===== Excerpted data

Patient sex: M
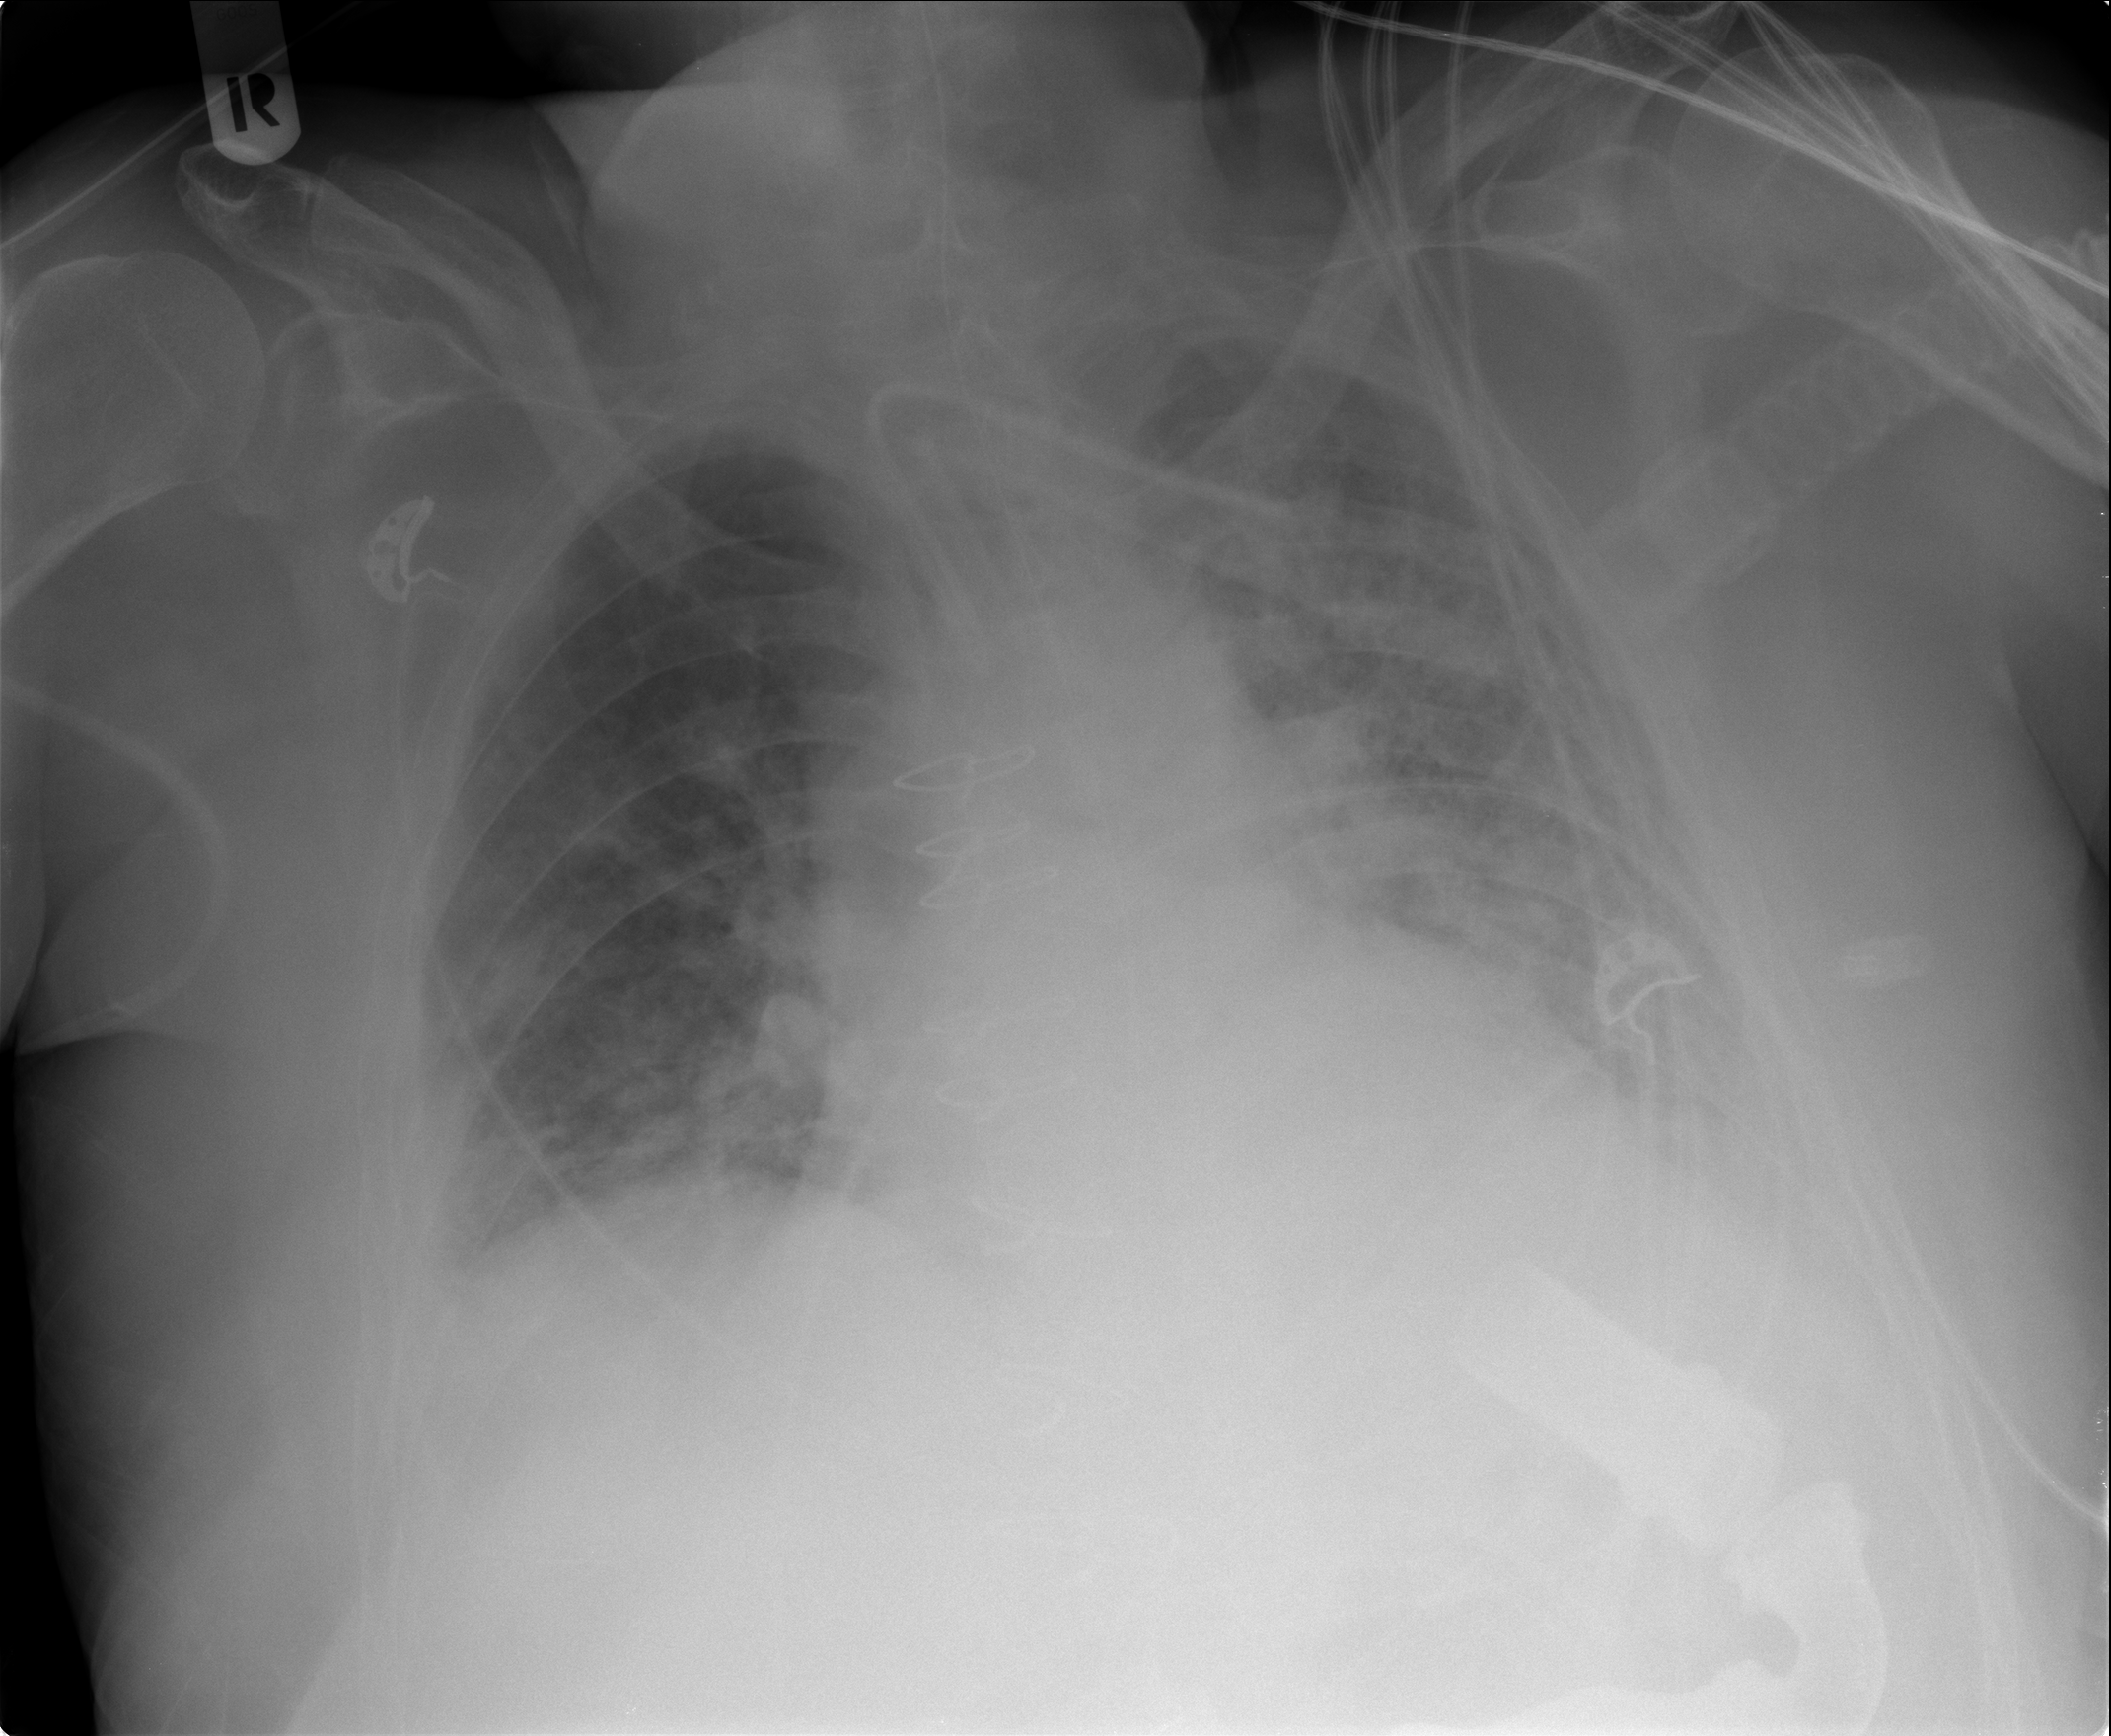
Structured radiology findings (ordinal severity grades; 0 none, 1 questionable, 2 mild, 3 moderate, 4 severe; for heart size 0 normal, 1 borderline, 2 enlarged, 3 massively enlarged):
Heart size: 2
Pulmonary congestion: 3
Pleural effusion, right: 2
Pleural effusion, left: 2
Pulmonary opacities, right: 2
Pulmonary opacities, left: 3
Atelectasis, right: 2
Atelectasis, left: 2
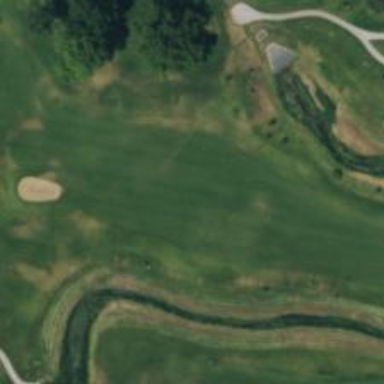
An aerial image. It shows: View of golf hole.
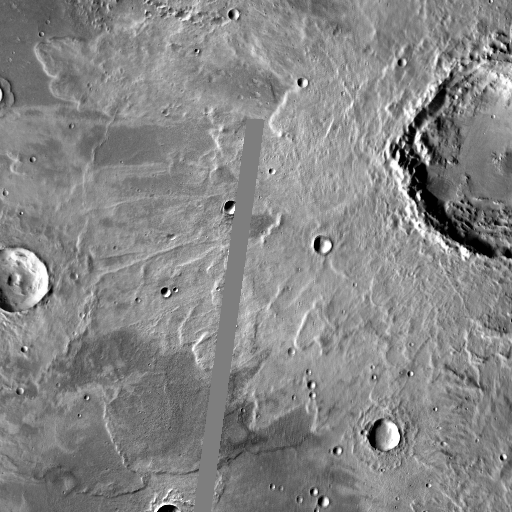
Crater classes present: Background, Other, Layered, Secondary
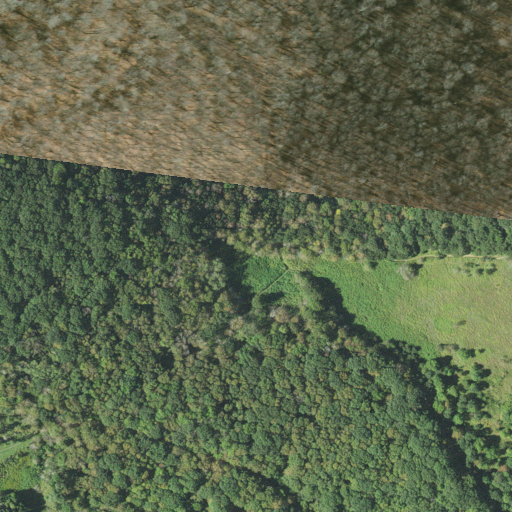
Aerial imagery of gap in Tennessee named Yellow Mountain Gap containing deciduous forest, open development, and shrub
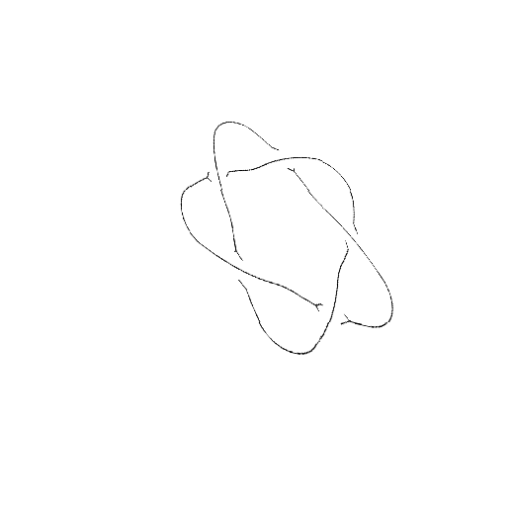
Crossing number: 5
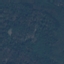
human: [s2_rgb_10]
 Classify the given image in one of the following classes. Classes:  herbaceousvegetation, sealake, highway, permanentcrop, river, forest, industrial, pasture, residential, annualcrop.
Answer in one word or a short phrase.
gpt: Forest
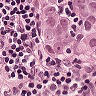
Metastatic tissue present: yes
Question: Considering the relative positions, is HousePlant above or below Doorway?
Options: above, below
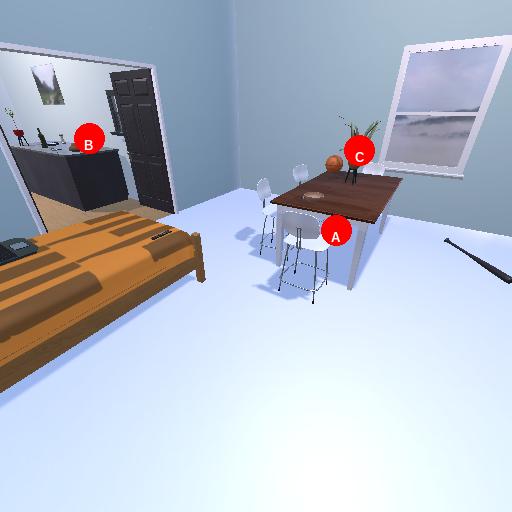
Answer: above
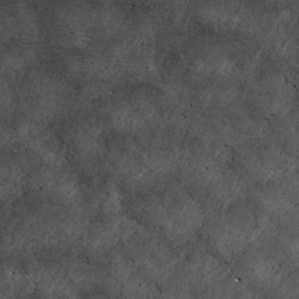
Label: non_frost
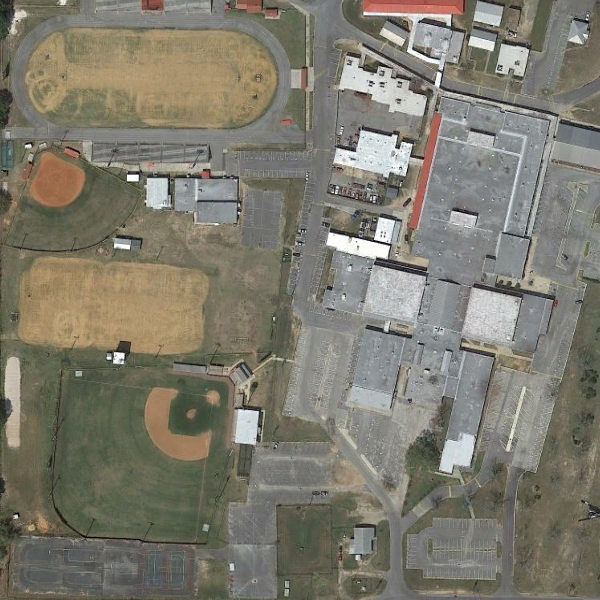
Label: School
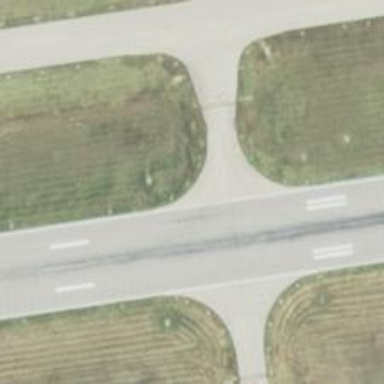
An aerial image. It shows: View of taxiway at the airport.
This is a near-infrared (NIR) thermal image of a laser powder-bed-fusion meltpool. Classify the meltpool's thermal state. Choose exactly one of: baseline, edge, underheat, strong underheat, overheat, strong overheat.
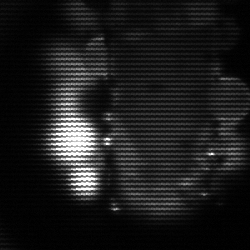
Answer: strong underheat
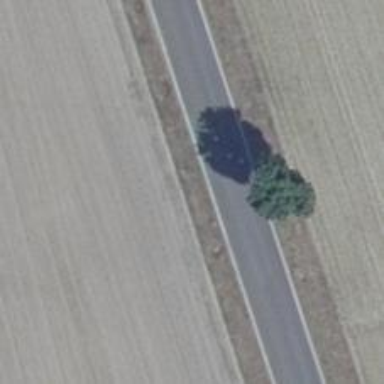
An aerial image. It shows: Deciduous broadleaved tree.

==========

### Aim of the task
Go through the material above and count the lines that include "Pulmonary". Give the number alone.

### Exercise answer
3